PROBLEM:
Where does the word "white" show up in the records? Copy every line that has it.

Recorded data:
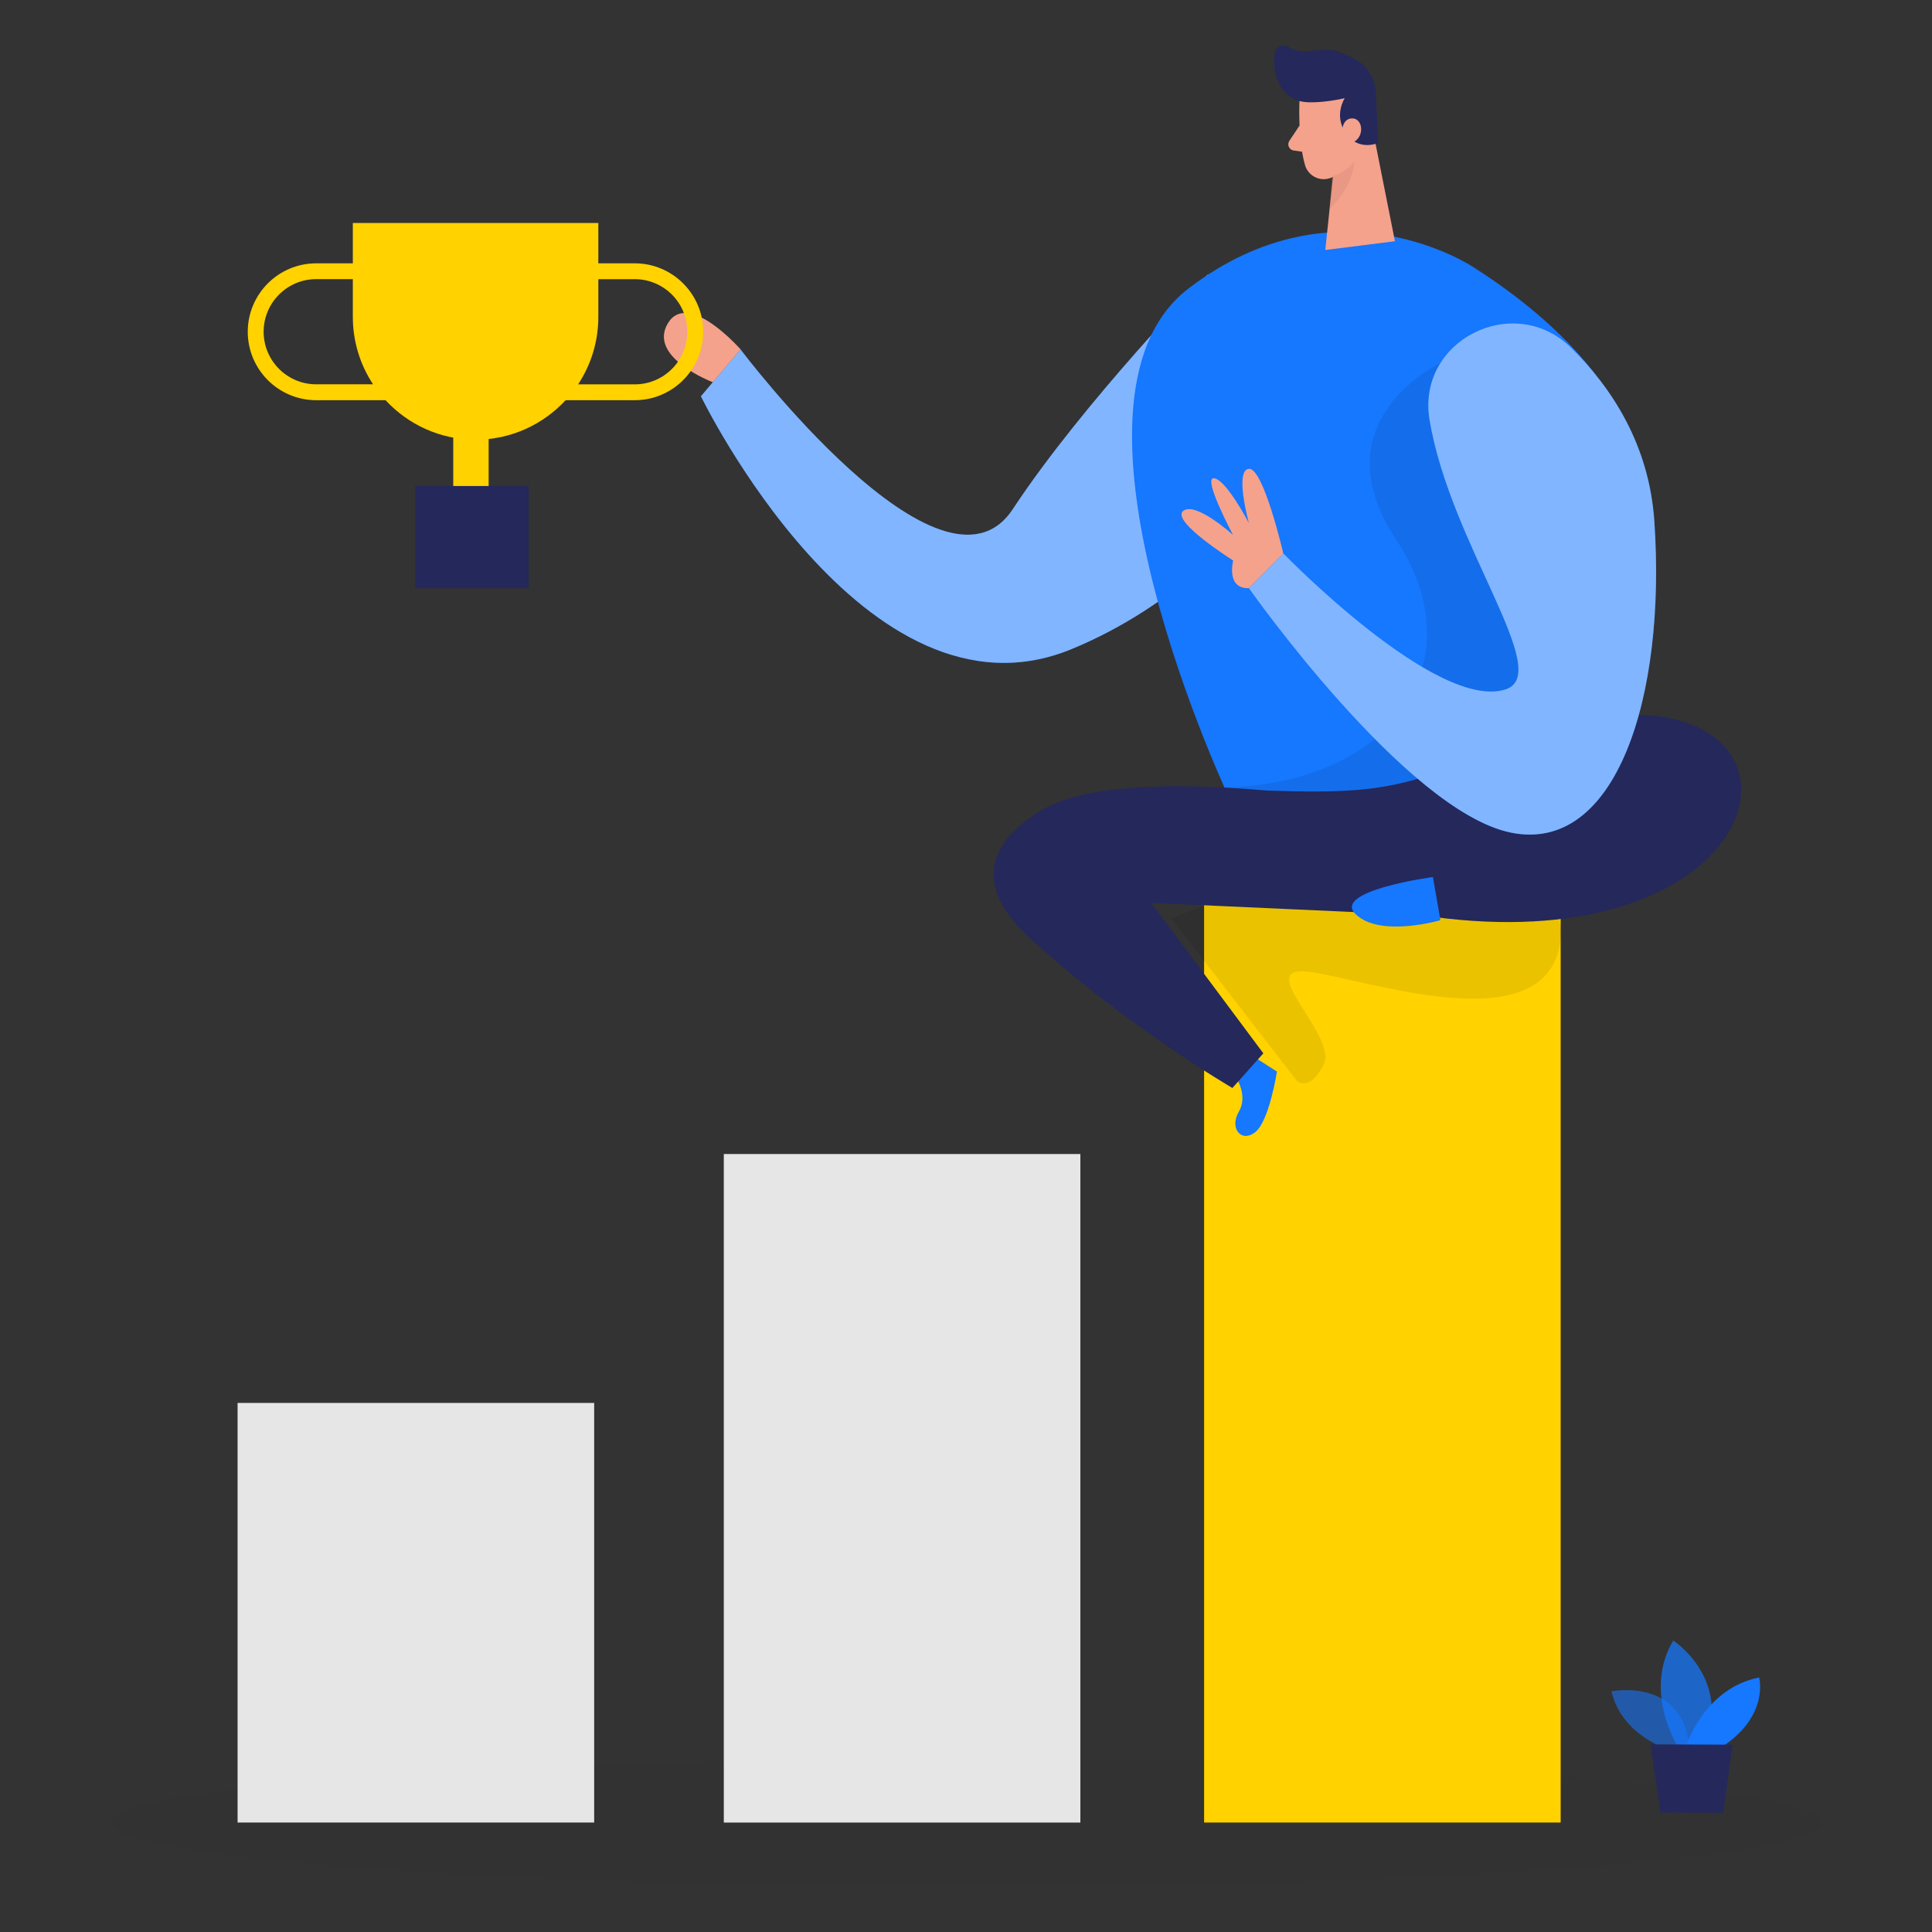 <svg width="325" height="325" viewBox="0 0 325 325" fill="none" xmlns="http://www.w3.org/2000/svg">
<rect x="0" y="0" width="325" height="325" fill="#333333" stroke="none"/>
<g opacity="0.03">
<path d="M162.5 317.33C241.972 317.33 306.397 312.52 306.397 306.586C306.397 300.651 241.972 295.841 162.5 295.841C83.028 295.841 18.603 300.651 18.603 306.586C18.603 312.52 83.028 317.33 162.5 317.33Z" fill="#000001"/>
</g>
<path d="M99.951 236.002H39.968V306.586H99.951V236.002Z" fill="#E6E6E6"/>
<path d="M181.74 194.129H121.758V306.592H181.74V194.129Z" fill="#E6E6E6"/>
<g opacity="0.58">
<path d="M281.145 294.469C281.145 294.469 272.877 292.214 271.083 284.518C271.083 284.518 283.888 281.931 284.258 295.152L281.151 294.469H281.145Z" fill="#1677FF"/>
</g>
<g opacity="0.73">
<path d="M282.159 293.644C282.159 293.644 276.387 284.511 281.463 275.977C281.463 275.977 291.2 282.159 286.878 293.664L282.159 293.644Z" fill="#1677FF"/>
</g>
<path d="M283.647 293.65C283.647 293.65 286.696 284.011 295.919 282.185C295.919 282.185 297.648 288.444 289.946 293.676L283.641 293.65H283.647Z" fill="#1677FF"/>
<path d="M277.654 293.436L279.331 304.902L289.881 304.941L291.441 293.494L277.654 293.436Z" fill="#24285B"/>
<path d="M262.535 137.092H202.553V306.586H262.535V137.092Z" fill="#FFD200"/>
<g opacity="0.08">
<path d="M218.114 181.766C218.114 181.766 220.174 183.911 222.657 179.12C225.134 174.33 210.944 162.597 219.771 163.423C228.605 164.248 260.936 176.254 262.535 157.69C264.134 139.132 210.762 149.064 210.762 149.064L197.047 154.492L218.114 181.759V181.766Z" fill="#000001"/>
</g>
<path d="M203.125 46.209C203.125 46.209 182.312 67.541 170.365 85.657C158.418 103.766 124.566 58.767 124.566 58.767L117.91 66.664C117.91 66.664 145.47 123.481 180.206 109.213C214.942 94.945 237.276 54.008 203.125 46.209Z" fill="#1677FF"/>
<g opacity="0.46">
<path d="M203.125 46.209C203.125 46.209 182.312 67.541 170.365 85.657C158.418 103.766 124.566 58.767 124.566 58.767L117.91 66.664C117.91 66.664 145.47 123.481 180.206 109.213C214.942 94.945 237.276 54.008 203.125 46.209Z" fill="white"/>
</g>
<path d="M207.85 181.116C207.85 181.116 210.028 184.23 208.39 187.018C206.752 189.813 208.838 192.322 211.185 190.424C213.531 188.526 214.805 180.258 214.805 180.258L209.826 177.067L207.857 181.11L207.85 181.116Z" fill="#1677FF"/>
<path d="M248.02 45.045C248.02 45.045 224.958 29.354 199.92 48.535C174.882 67.717 207.311 135.402 207.311 135.402L254.169 136.962C254.169 136.962 311.616 85.859 248.02 45.045Z" fill="#1677FF"/>
<g opacity="0.08">
<path d="M242.307 61.093C242.307 61.093 221.572 70.694 234.864 90.779C248.15 110.864 234.962 131.651 205.985 132.49L237.601 140.394L273.533 120.309L269.256 93.165L242.307 61.1V61.093Z" fill="#000001"/>
</g>
<path d="M214.331 133.022C232.323 133.62 236.957 132.282 253.578 125.372C263.666 121.18 275.639 118.209 284.797 121.998C304.2 130.026 288.723 161.551 238.953 153.933L192.991 151.853C192.991 151.853 175.357 151.853 172.237 145.528C168.434 137.806 176.397 129.792 213.122 132.983L214.331 133.022Z" fill="#24285B"/>
<path d="M241.039 147.531C241.039 147.531 223.925 149.845 228.059 153.803C232.186 157.762 242.307 154.798 242.307 154.798L241.046 147.531H241.039Z" fill="#1677FF"/>
<path d="M218.595 17.004C218.595 17.004 218.283 23.517 219.537 27.794C220.051 29.529 221.897 30.537 223.626 29.997C225.771 29.334 228.475 27.814 229.066 24.343L230.795 18.577C230.795 18.577 231.751 14.924 227.974 12.421C224.198 9.919 218.582 13.026 218.588 17.004H218.595Z" fill="#F4A28C"/>
<path d="M230.484 19.617L234.657 40.58L222.937 42.055L224.607 26.208L230.484 19.617Z" fill="#F4A28C"/>
<path d="M220.22 17.212C221.357 17.225 223.45 17.14 226.213 16.517C226.213 16.517 224.282 19.435 226.44 22.477C228.598 25.526 231.855 24.037 231.855 24.037L231.426 15.671C231.38 13.227 230.009 10.998 227.831 9.88C226.941 9.425 225.966 8.97 224.984 8.619C222.534 7.748 219.069 9.49 216.846 7.943C215.871 7.267 214.519 7.891 214.396 9.068C214.116 11.629 214.727 15.62 218.224 16.881C218.868 17.108 219.544 17.192 220.226 17.206L220.22 17.212Z" fill="#24285B"/>
<path d="M225.738 22.314C225.738 22.314 225.693 19.805 227.584 19.922C229.476 20.046 229.567 23.673 227.019 24.108L225.738 22.314Z" fill="#F4A28C"/>
<path d="M218.608 21.119L216.892 23.699C216.469 24.336 216.853 25.201 217.607 25.311L220.116 25.681L218.608 21.119Z" fill="#F4A28C"/>
<g opacity="0.31">
<path d="M224.094 29.66C224.094 29.66 226.252 29.133 227.818 27.235C227.818 27.235 227.799 31.148 223.658 35.172L224.087 29.66H224.094Z" fill="#CE8172"/>
</g>
<path d="M240.474 70.616C238.264 57.258 254.644 49.017 264.297 58.507C271.128 65.228 277.407 74.796 278.291 87.646C280.332 117.331 271.824 143.715 254.124 140.056C236.425 136.396 210.093 98.95 210.093 98.95L215.878 93.093C215.878 93.093 241.683 119.717 253.26 115.973C261.482 113.315 243.932 91.526 240.481 70.623L240.474 70.616Z" fill="#1677FF"/>
<g opacity="0.46">
<path d="M240.474 70.616C238.264 57.258 254.644 49.017 264.297 58.507C271.128 65.228 277.407 74.796 278.291 87.646C280.332 117.331 271.824 143.715 254.124 140.056C236.425 136.396 210.093 98.95 210.093 98.95L215.878 93.093C215.878 93.093 241.683 119.717 253.26 115.973C261.482 113.315 243.932 91.526 240.481 70.623L240.474 70.616Z" fill="white"/>
</g>
<path d="M215.871 93.087C215.871 93.087 212.537 78.637 210.086 78.865C207.636 79.092 210.086 87.984 210.086 87.984C210.086 87.984 206.277 80.678 204.236 80.451C202.195 80.223 207.415 89.98 207.415 89.98C207.415 89.98 201.058 84.234 199.017 85.969C196.976 87.711 207.447 94.289 207.447 94.289C207.447 94.289 206.186 99.053 210.093 98.943L215.878 93.087H215.871Z" fill="#F4A28C"/>
<path d="M177.821 135.038C177.821 135.038 157.261 143.195 173.257 157.833C189.254 172.471 207.311 183.021 207.311 183.021L212.518 177.19L188.916 145.529L177.821 135.031V135.038Z" fill="#24285B"/>
<path d="M124.572 58.767C124.572 58.767 115.732 48.678 112.333 54.411C108.927 60.145 119.912 64.298 119.912 64.298L124.579 58.767H124.572Z" fill="#F4A28C"/>
<path d="M106.782 44.297H100.652V37.505H59.352V44.297H53.19C46.846 44.297 41.678 49.459 41.678 55.809C41.678 62.16 46.839 67.32 53.19 67.32H64.857C68.627 71.396 74.009 73.963 80.002 73.963C85.995 73.963 91.371 71.396 95.147 67.32H106.782C113.126 67.32 118.293 62.16 118.293 55.809C118.293 49.459 113.132 44.297 106.782 44.297ZM53.19 64.649C48.315 64.649 44.349 60.684 44.349 55.803C44.349 50.921 48.315 46.956 53.19 46.956H59.352V53.3C59.352 57.492 60.606 61.386 62.751 64.642H53.19V64.649ZM106.782 64.649H97.253C99.398 61.392 100.652 57.499 100.652 53.306V46.962H106.782C111.657 46.962 115.622 50.928 115.622 55.809C115.622 60.691 111.657 64.656 106.782 64.656V64.649Z" fill="#FFD200"/>
<path d="M82.199 68.991H76.245V82.609H82.199V68.991Z" fill="#FFD200"/>
<path d="M88.927 81.757H69.862V98.95H88.927V81.757Z" fill="#24285B"/>
</svg>

EXERCISE OUTPUT:
<path d="M203.125 46.209C203.125 46.209 182.312 67.541 170.365 85.657C158.418 103.766 124.566 58.767 124.566 58.767L117.91 66.664C117.91 66.664 145.47 123.481 180.206 109.213C214.942 94.945 237.276 54.008 203.125 46.209Z" fill="white"/>
<path d="M240.474 70.616C238.264 57.258 254.644 49.017 264.297 58.507C271.128 65.228 277.407 74.796 278.291 87.646C280.332 117.331 271.824 143.715 254.124 140.056C236.425 136.396 210.093 98.95 210.093 98.95L215.878 93.093C215.878 93.093 241.683 119.717 253.26 115.973C261.482 113.315 243.932 91.526 240.481 70.623L240.474 70.616Z" fill="white"/>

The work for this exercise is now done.